> _WORK TASK_
Images are to be omitted, and the rest of the records reproduced exactly.
(Beginning of EXTRACTED RECORDS)
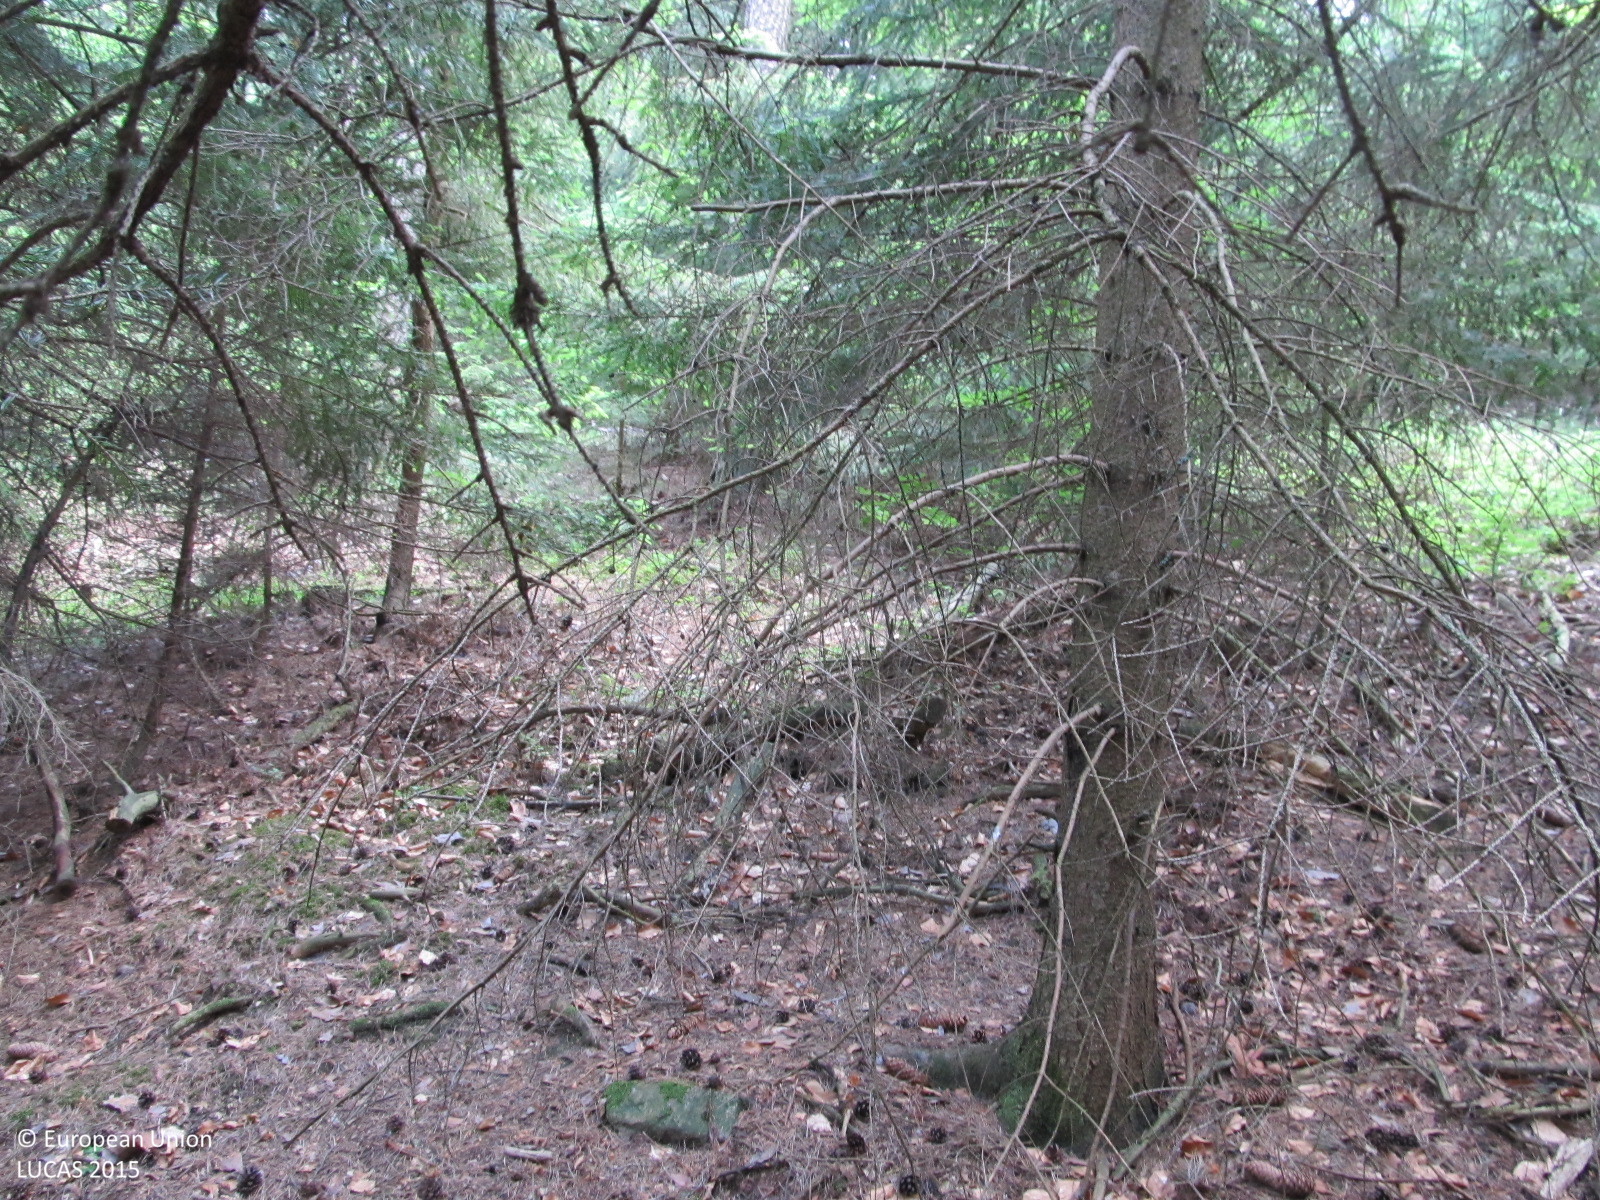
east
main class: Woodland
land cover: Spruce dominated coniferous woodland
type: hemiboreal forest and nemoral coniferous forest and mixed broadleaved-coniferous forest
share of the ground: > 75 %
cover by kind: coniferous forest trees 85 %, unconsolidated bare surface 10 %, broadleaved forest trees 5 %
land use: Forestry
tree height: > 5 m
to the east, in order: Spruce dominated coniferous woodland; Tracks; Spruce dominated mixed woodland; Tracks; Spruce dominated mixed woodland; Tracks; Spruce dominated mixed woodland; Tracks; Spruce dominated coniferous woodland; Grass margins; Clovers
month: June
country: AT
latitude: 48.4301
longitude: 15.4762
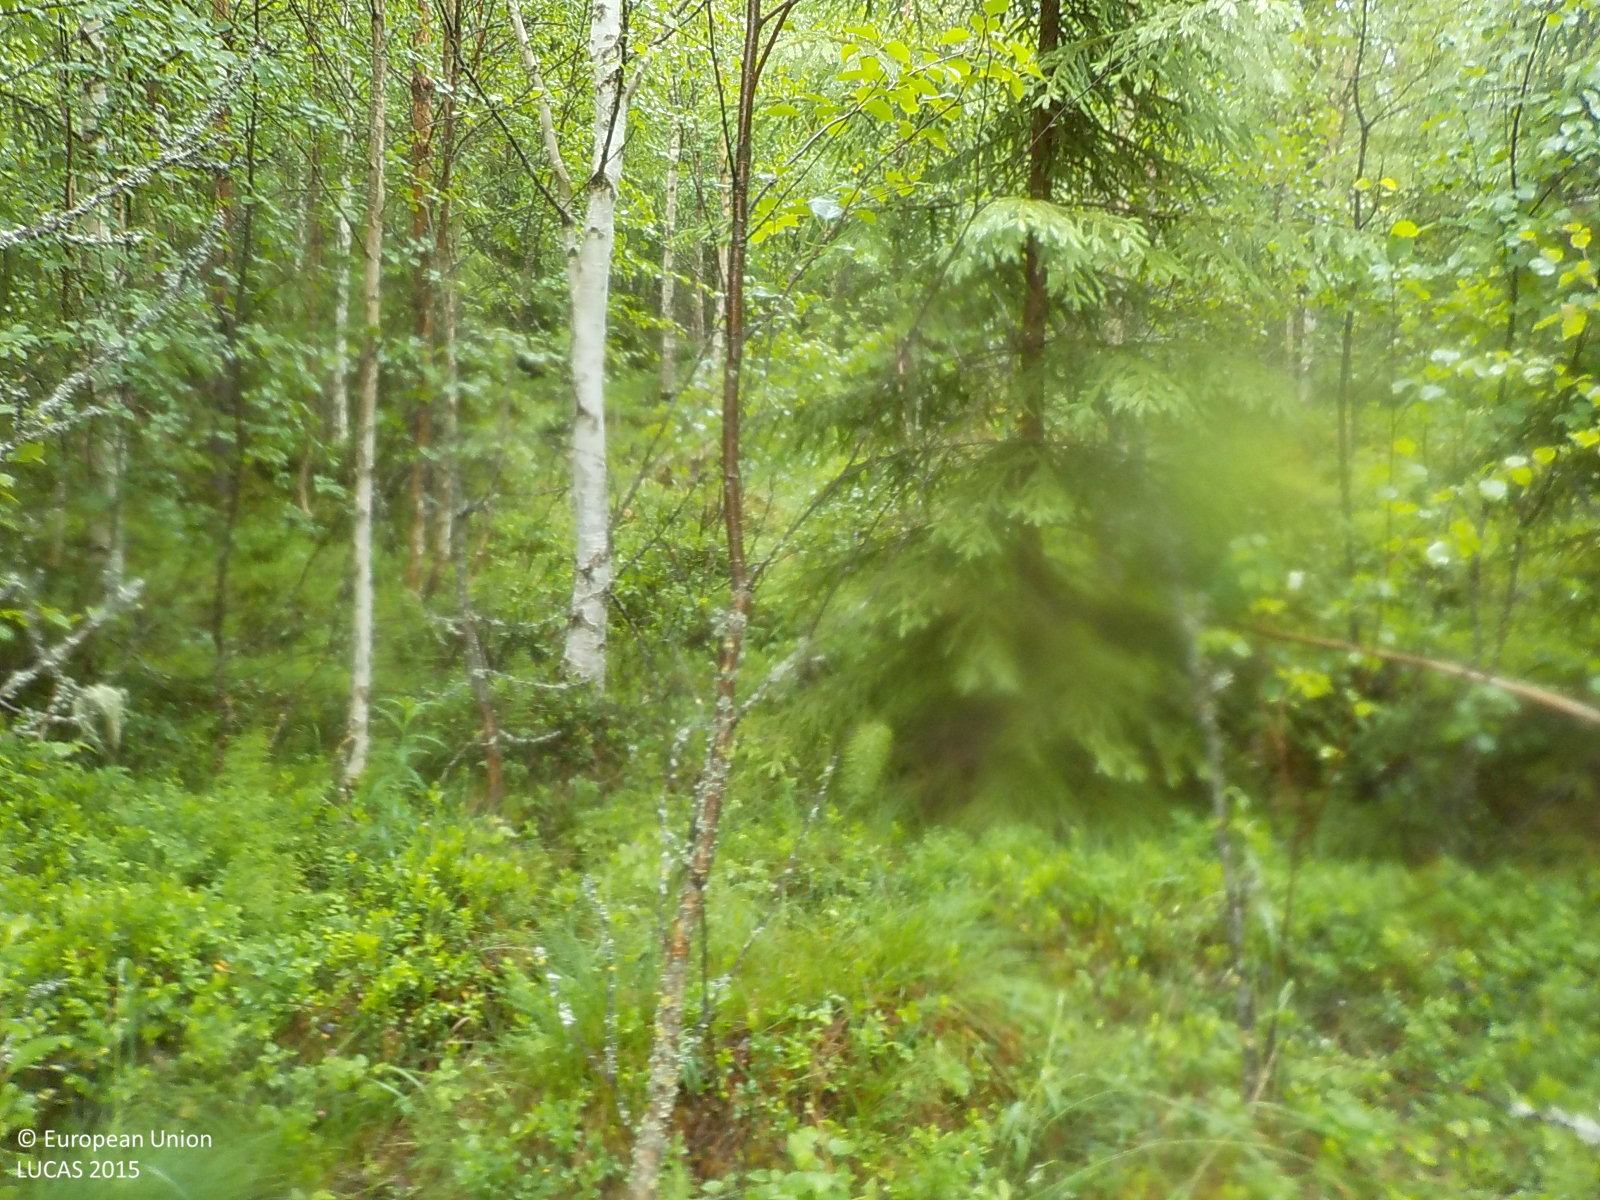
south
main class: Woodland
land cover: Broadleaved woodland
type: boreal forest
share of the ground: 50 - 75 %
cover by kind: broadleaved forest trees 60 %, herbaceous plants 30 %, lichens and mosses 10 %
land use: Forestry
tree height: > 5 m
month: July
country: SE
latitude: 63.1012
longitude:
(End of EXTRACTED RECORDS)
> _EXERCISE RESULT_
east
main class: Woodland
land cover: Spruce dominated coniferous woodland
type: hemiboreal forest and nemoral coniferous forest and mixed broadleaved-coniferous forest
share of the ground: > 75 %
cover by kind: coniferous forest trees 85 %, unconsolidated bare surface 10 %, broadleaved forest trees 5 %
land use: Forestry
tree height: > 5 m
to the east, in order: Spruce dominated coniferous woodland; Tracks; Spruce dominated mixed woodland; Tracks; Spruce dominated mixed woodland; Tracks; Spruce dominated mixed woodland; Tracks; Spruce dominated coniferous woodland; Grass margins; Clovers
month: June
country: AT
latitude: 48.4301
longitude: 15.4762
south
main class: Woodland
land cover: Broadleaved woodland
type: boreal forest
share of the ground: 50 - 75 %
cover by kind: broadleaved forest trees 60 %, herbaceous plants 30 %, lichens and mosses 10 %
land use: Forestry
tree height: > 5 m
month: July
country: SE
latitude: 63.1012
longitude:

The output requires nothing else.